▶ Instructions to follow: Extract from the listing each line in which the word "height" appears.

▶ Supplied records:
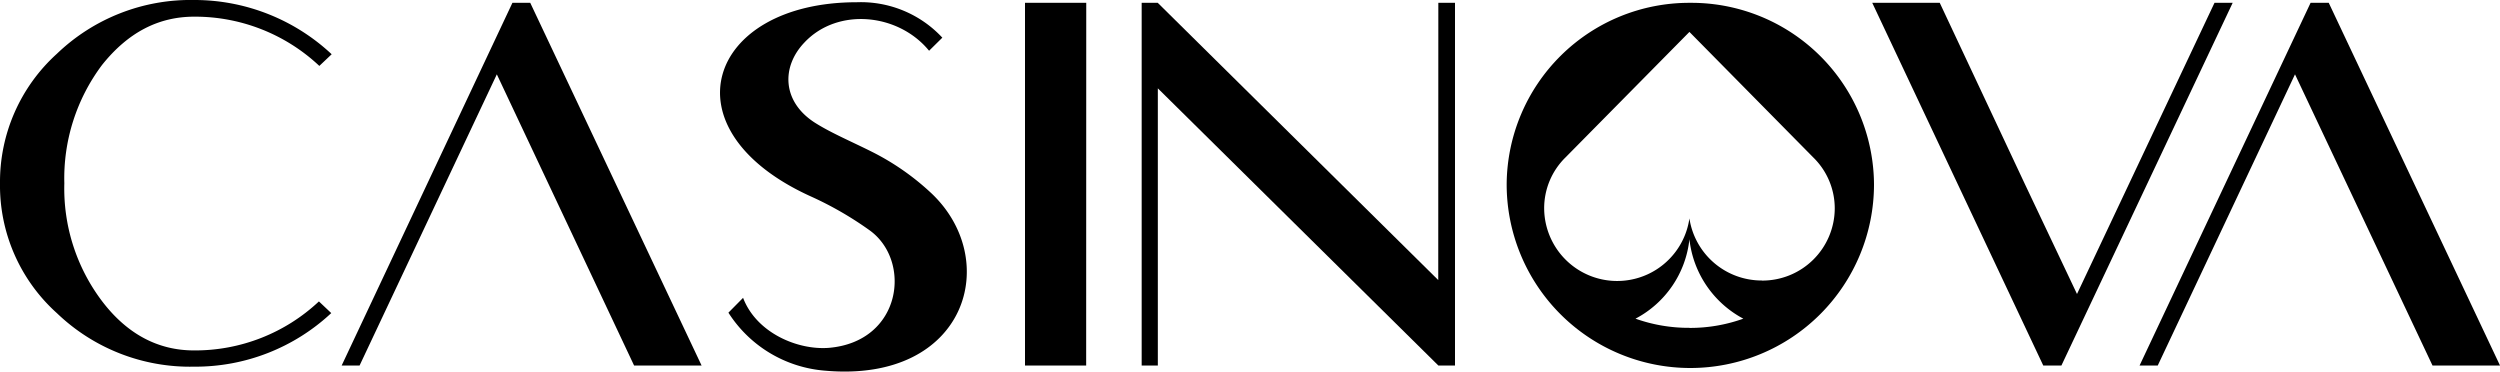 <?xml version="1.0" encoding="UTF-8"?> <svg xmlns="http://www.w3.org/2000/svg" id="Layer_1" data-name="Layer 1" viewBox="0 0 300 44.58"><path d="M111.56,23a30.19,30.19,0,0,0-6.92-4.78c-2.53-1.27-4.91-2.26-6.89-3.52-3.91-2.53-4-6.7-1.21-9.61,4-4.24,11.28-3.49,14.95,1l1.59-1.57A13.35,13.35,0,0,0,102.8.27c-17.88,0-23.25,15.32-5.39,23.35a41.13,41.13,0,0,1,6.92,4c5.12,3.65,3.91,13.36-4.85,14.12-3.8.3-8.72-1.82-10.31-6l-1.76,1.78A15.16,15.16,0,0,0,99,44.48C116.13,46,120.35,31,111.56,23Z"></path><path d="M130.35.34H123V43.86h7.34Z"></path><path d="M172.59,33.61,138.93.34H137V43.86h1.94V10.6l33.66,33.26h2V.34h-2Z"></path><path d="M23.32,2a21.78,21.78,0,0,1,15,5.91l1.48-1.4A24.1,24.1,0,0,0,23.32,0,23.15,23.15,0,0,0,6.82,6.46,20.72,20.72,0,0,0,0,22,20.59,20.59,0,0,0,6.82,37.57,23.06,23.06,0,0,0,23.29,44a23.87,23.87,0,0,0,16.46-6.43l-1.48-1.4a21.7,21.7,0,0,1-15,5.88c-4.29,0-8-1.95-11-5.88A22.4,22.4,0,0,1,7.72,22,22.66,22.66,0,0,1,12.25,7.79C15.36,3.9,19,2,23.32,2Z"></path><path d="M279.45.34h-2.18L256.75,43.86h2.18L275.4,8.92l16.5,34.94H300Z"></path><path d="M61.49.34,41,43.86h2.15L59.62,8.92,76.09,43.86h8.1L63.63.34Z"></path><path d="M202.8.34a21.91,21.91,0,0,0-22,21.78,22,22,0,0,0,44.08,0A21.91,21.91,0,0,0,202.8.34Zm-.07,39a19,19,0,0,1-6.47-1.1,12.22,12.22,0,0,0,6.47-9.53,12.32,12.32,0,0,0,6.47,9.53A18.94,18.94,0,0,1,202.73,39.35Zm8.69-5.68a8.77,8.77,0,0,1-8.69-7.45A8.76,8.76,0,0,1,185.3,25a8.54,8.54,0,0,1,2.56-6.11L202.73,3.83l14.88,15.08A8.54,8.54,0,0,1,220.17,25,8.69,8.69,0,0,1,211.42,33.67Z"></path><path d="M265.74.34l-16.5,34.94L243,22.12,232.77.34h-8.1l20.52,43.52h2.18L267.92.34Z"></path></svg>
--
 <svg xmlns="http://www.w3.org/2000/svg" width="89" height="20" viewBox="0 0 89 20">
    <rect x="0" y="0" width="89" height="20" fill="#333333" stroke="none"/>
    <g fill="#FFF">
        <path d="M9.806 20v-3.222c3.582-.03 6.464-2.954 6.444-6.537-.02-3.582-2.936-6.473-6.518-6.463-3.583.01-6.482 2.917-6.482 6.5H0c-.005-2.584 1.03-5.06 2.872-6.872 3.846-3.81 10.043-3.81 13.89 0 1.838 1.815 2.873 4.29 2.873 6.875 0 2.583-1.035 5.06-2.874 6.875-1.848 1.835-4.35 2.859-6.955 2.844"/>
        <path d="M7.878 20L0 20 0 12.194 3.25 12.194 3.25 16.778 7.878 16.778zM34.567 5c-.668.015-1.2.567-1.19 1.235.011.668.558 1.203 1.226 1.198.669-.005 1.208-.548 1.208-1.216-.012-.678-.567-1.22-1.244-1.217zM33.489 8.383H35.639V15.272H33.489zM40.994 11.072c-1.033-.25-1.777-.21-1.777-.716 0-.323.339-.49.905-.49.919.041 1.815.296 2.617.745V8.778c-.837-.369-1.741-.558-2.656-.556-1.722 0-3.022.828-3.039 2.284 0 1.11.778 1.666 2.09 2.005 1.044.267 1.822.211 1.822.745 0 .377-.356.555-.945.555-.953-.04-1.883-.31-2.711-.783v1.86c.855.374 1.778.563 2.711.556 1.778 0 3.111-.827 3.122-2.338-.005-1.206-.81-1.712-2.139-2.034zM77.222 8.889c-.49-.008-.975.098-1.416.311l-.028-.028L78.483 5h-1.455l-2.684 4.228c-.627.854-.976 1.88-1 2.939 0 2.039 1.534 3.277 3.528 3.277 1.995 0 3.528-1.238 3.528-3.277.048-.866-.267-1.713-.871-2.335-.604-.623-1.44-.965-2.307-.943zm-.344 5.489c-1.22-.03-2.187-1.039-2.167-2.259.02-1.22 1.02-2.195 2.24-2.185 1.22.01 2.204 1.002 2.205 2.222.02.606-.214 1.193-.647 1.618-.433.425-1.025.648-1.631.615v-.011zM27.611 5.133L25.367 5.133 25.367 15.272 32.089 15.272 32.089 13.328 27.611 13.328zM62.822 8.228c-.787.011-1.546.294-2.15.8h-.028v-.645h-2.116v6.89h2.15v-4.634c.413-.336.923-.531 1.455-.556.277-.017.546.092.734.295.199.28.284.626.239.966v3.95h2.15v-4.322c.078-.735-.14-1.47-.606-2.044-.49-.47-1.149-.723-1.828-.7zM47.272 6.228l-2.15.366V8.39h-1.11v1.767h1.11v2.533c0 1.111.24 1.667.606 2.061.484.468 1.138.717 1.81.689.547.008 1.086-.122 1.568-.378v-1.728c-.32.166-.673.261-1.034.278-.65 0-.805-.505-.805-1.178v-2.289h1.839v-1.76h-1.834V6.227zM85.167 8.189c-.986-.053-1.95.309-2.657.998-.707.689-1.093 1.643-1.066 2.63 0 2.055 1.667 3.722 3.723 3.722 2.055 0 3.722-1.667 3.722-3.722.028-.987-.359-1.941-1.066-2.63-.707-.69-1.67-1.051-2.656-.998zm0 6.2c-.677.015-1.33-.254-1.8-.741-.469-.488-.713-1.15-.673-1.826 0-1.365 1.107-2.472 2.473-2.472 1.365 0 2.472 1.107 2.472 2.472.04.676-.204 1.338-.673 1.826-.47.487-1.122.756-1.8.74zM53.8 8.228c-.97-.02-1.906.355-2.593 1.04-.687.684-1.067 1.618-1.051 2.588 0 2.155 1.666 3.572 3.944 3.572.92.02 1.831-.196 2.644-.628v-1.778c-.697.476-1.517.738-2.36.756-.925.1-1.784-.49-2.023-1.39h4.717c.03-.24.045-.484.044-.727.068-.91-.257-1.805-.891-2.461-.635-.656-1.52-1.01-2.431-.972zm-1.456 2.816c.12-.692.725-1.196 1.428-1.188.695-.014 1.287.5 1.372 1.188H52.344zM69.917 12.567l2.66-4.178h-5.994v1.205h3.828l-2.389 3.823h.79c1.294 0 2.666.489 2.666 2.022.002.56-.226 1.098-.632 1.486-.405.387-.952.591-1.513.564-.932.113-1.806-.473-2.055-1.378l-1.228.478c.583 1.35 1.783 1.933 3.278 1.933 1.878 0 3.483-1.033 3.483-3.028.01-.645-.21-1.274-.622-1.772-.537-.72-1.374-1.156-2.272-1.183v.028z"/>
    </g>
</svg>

▶ Task response:
 <svg xmlns="http://www.w3.org/2000/svg" width="89" height="20" viewBox="0 0 89 20">
    <rect x="0" y="0" width="89" height="20" fill="#333333" stroke="none"/>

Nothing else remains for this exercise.